As researchers have learned more about the gene and protein changes in cells that cause cancer, they have been able develop newer drugs that specifically target these changes. These targeted drugs work differently than standard chemotherapy drugs. They often have different (and less severe) side effects. At this time, they are most often used either along with chemotherapy or by themselves if chemotherapy is no longer working.

Bevacizumab (Avastin): Bevacizumab is a manmade version of an immune system protein called a monoclonal antibody. This antibody targets vascular endothelial growth factor (VEGF), a protein that helps tumors form new blood vessels to get nutrients (a process known as angiogenesis). Bevacizumab is most often used along with chemotherapy drugs as a first- or second-line treatment for metastatic colorectal cancer.

Bevacizumab is given by intravenous (IV) infusion, usually once every 2 or 3 weeks. While it has been shown to help improve survival when added to chemotherapy, it can also add to the side effects. Rare but possibly serious side effects include blood clots, holes forming in the colon (requiring surgery to correct), heart problems, and slow wound healing. More common side effects include high blood pressure, tiredness, bleeding, low white blood cell counts, headaches, mouth sores, loss of appetite, and diarrhea.

Cetuximab (Erbitux): This is a monoclonal antibody that specifically attacks the epidermal growth factor receptor (EGFR), a molecule that often appears in high amounts on the surface of cancer cells and helps them grow.

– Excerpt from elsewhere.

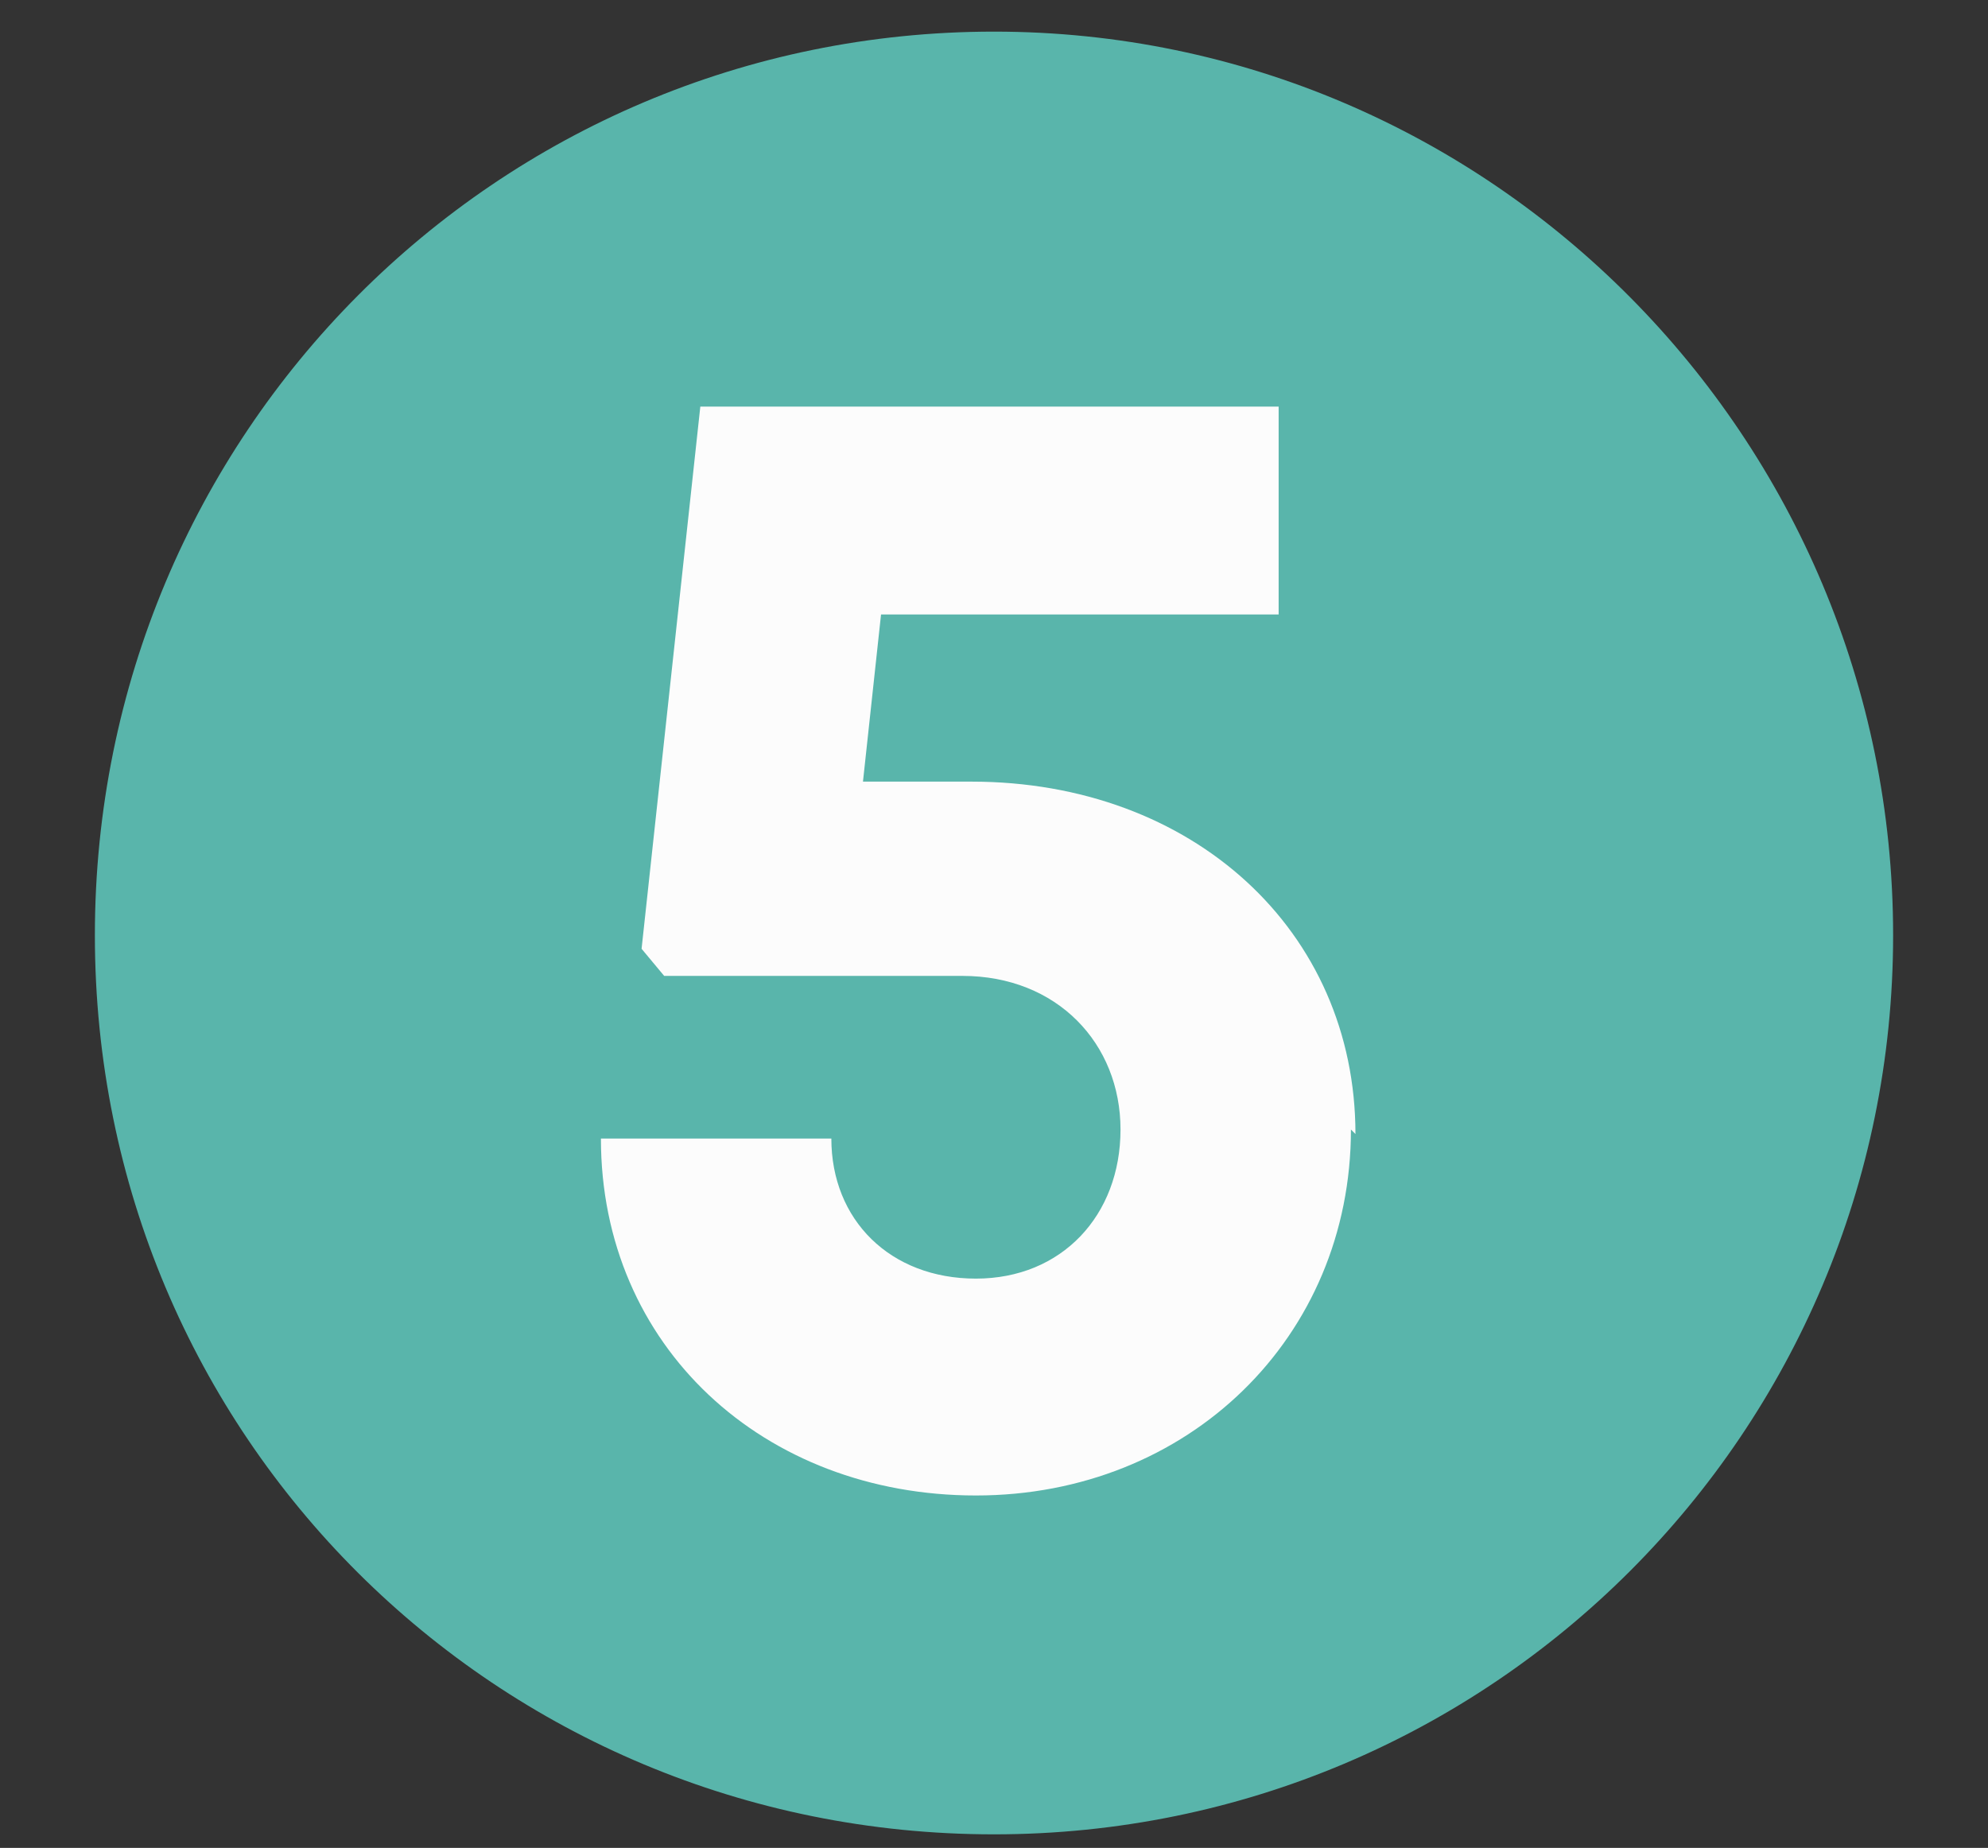 <svg xmlns="http://www.w3.org/2000/svg" id="Livello_1" data-name="Livello 1" viewBox="0 0 44 40.9"><rect x="0" y="0" width="44" height="40.9" fill="#333333" stroke="none"/><defs><style>      .cls-1 {        isolation: isolate;      }      .cls-2 {        fill: #59b5ab;      }      .cls-2, .cls-3 {        stroke-width: 0px;      }      .cls-3 {        fill: #fcfcfc;      }    </style></defs><path class="cls-2" d="M22,.7C11,.7,2.1,9.6,2.1,20.7s8.9,19.9,19.9,19.9,19.9-8.9,19.9-19.9S33,.7,22,.7Z"></path><g class="cls-1"><g class="cls-1"><g class="cls-1"><path class="cls-3" d="M29.9,25c0,4.6-3.6,8.1-8.3,8.1s-8.3-3.3-8.3-7.9h5.1c0,1.8,1.3,3.1,3.2,3.1s3.2-1.4,3.2-3.3-1.4-3.4-3.5-3.4h-6.6l-.5-.6,1.3-12h12.8v4.6h-8.8l-.4,3.7h2.4c4.9,0,8.5,3.3,8.5,7.8Z"></path></g></g></g></svg>

Cetuximab is used in metastatic colorectal cancer, usually after other treatments have been tried. It can be used either with irinotecan or by itself in those who can't take irinotecan or whose cancer is no longer responding to it.

Cetuximab is given by IV infusion, usually once a week. A rare but serious side effect of cetuximab is an allergic reaction during the first infusion, which could cause problems with breathing and low blood pressure. You may be given medicine before treatment to help prevent this. Other, less serious side effects may include an acne-like rash, headache, tiredness, fever, and diarrhea.

Panitumumab (Vectibix): Panitumumab is another monoclonal antibody that attacks colorectal cancer cells. Like cetuximab, it targets the EGFR protein. It is used by itself to treat metastatic colorectal cancer after other treatments have been tried.

Panitumumab is given by IV infusion, usually once every 2 weeks. Most people develop skin problems such as a rash during treatment, which in some cases can lead to infections. Other possible serious side effects are lung scarring and allergic reactions to the drug. Sensitivity to sunlight, fatigue, diarrhea, and changes in fingernails and toenails are also possible.